YOUR OBJECTIVE —
Lower down are entries containing pictures. Copy exactly, without those pictures, the lines from the line with "Q: Is the text underlined? A: Yes." through the line with "The face used".

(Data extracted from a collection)

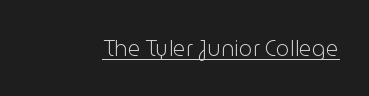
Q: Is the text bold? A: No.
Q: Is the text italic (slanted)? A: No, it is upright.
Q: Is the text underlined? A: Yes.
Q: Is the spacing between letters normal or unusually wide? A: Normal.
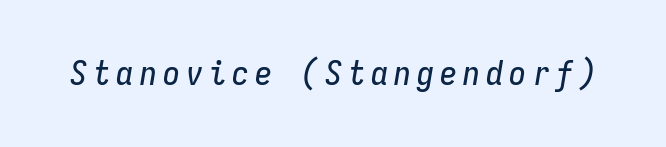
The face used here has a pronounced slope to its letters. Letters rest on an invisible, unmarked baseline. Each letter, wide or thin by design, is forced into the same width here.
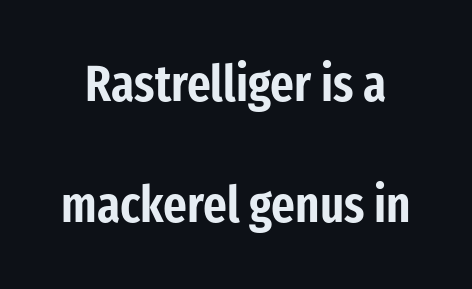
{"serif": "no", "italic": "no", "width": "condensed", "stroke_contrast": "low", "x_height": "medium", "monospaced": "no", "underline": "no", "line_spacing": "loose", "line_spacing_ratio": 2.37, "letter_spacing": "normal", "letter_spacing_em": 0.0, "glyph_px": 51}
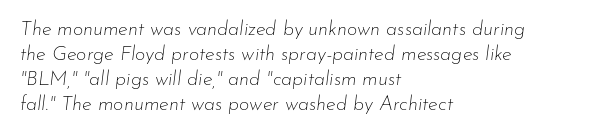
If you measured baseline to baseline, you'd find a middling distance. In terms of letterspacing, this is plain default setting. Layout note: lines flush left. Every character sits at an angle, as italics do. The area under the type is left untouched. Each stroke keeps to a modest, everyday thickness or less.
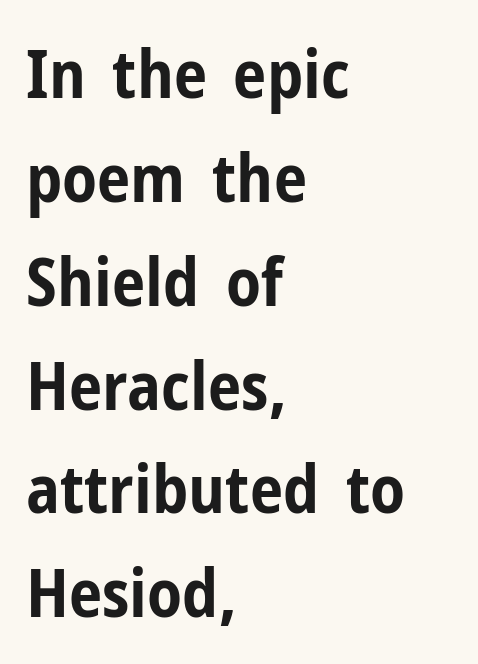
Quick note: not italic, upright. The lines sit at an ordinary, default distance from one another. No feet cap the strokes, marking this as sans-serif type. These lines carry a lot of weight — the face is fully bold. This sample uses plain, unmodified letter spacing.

ANSWER TO THIS EXERCISE —
Q: Is the text underlined? A: Yes.
Q: Is the spacing between letters normal or unusually wide? A: Normal.
The face used here has a pronounced slope to its letters. Letters rest on an invisible, unmarked baseline. Each letter, wide or thin by design, is forced into the same width here.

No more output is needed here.